**What you should do**
Search the data for the word "image" and copy every line that contains it.

**Input**
────────────────────

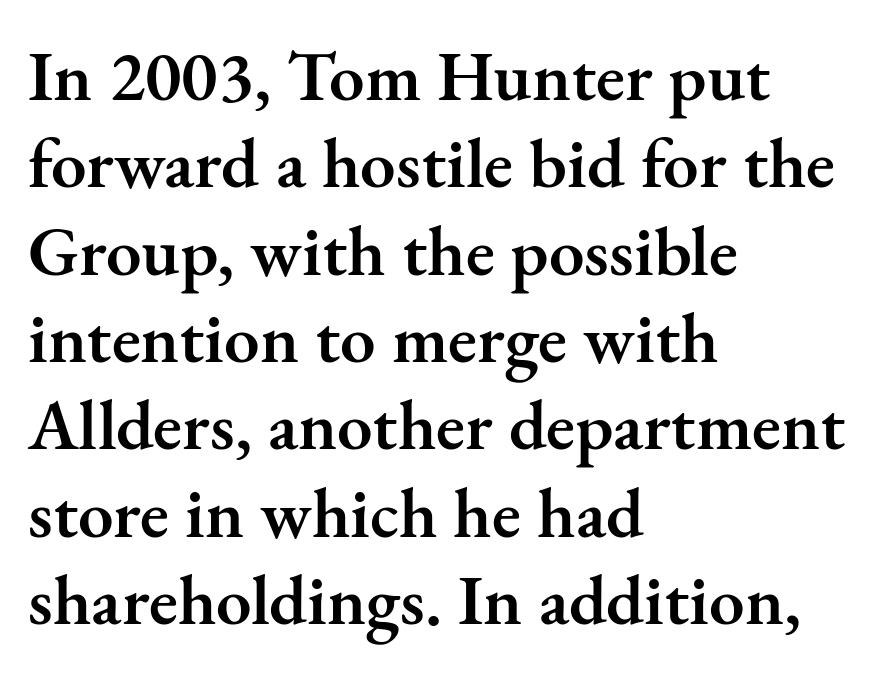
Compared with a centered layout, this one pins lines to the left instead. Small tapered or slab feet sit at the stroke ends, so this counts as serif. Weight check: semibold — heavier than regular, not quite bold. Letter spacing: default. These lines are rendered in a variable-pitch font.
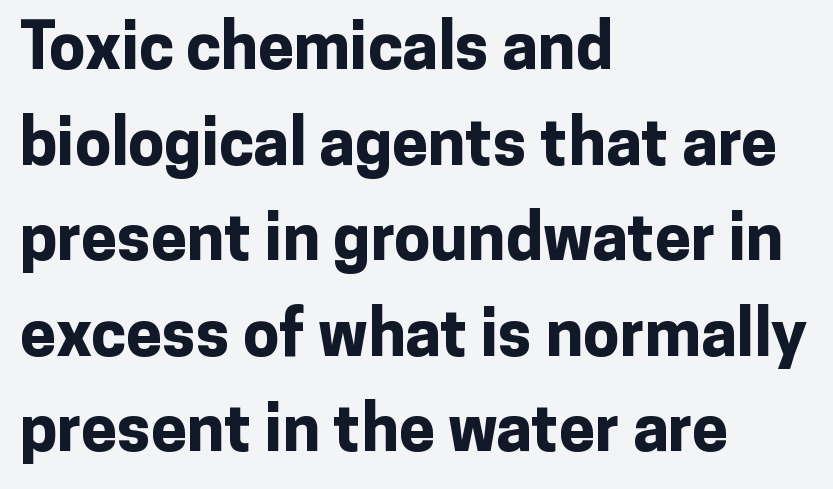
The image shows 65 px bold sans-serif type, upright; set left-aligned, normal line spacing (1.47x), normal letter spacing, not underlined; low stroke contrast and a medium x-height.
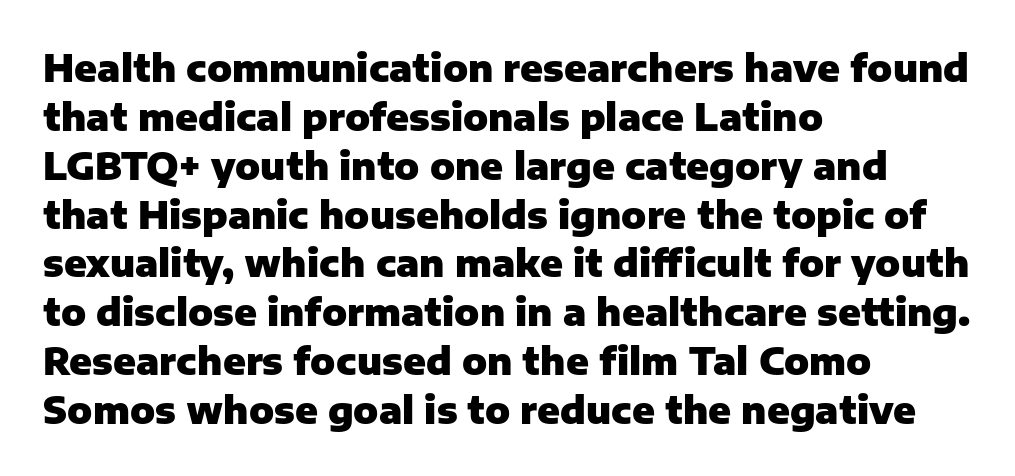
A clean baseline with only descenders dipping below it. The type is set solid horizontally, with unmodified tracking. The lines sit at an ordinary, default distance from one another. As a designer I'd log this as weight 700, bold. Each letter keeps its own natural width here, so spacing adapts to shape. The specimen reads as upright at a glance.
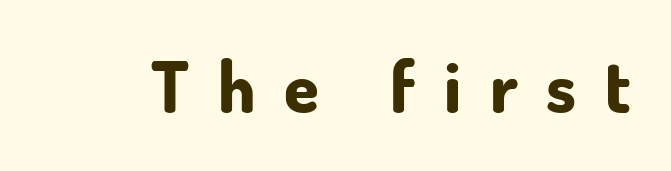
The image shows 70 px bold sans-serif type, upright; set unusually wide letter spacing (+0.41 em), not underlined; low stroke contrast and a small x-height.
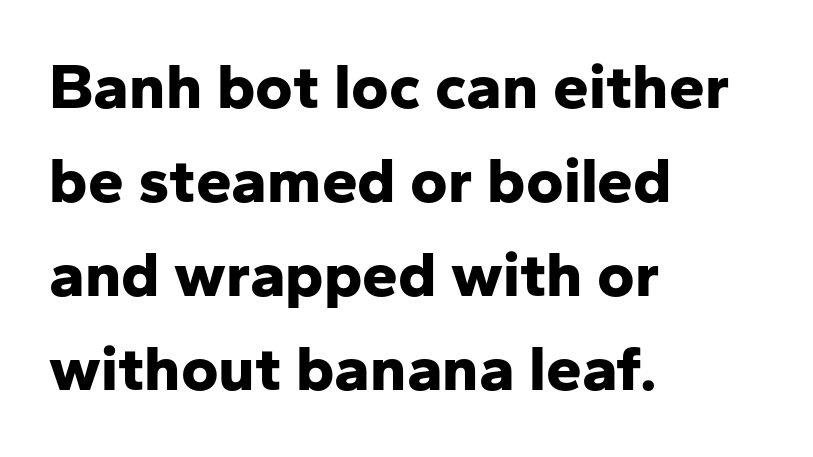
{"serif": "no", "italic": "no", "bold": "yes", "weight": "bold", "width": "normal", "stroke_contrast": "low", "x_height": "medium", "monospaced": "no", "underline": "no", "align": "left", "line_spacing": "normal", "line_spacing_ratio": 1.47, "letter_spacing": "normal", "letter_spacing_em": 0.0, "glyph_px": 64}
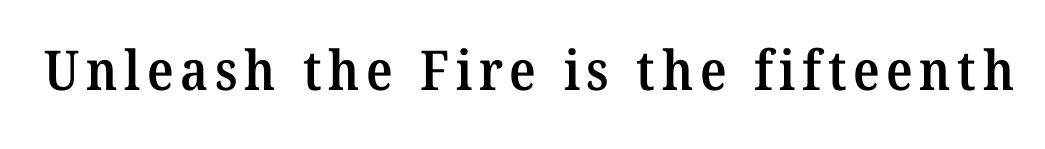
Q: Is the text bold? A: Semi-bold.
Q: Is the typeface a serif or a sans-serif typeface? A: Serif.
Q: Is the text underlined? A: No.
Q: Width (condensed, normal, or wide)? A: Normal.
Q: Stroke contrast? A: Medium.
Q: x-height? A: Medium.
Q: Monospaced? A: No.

────────────────────

**Solution to the exercise**
The image shows 65 px bold sans-serif type, upright; set left-aligned, normal line spacing (1.47x), normal letter spacing, not underlined; low stroke contrast and a medium x-height.
The image shows 70 px bold sans-serif type, upright; set unusually wide letter spacing (+0.41 em), not underlined; low stroke contrast and a small x-height.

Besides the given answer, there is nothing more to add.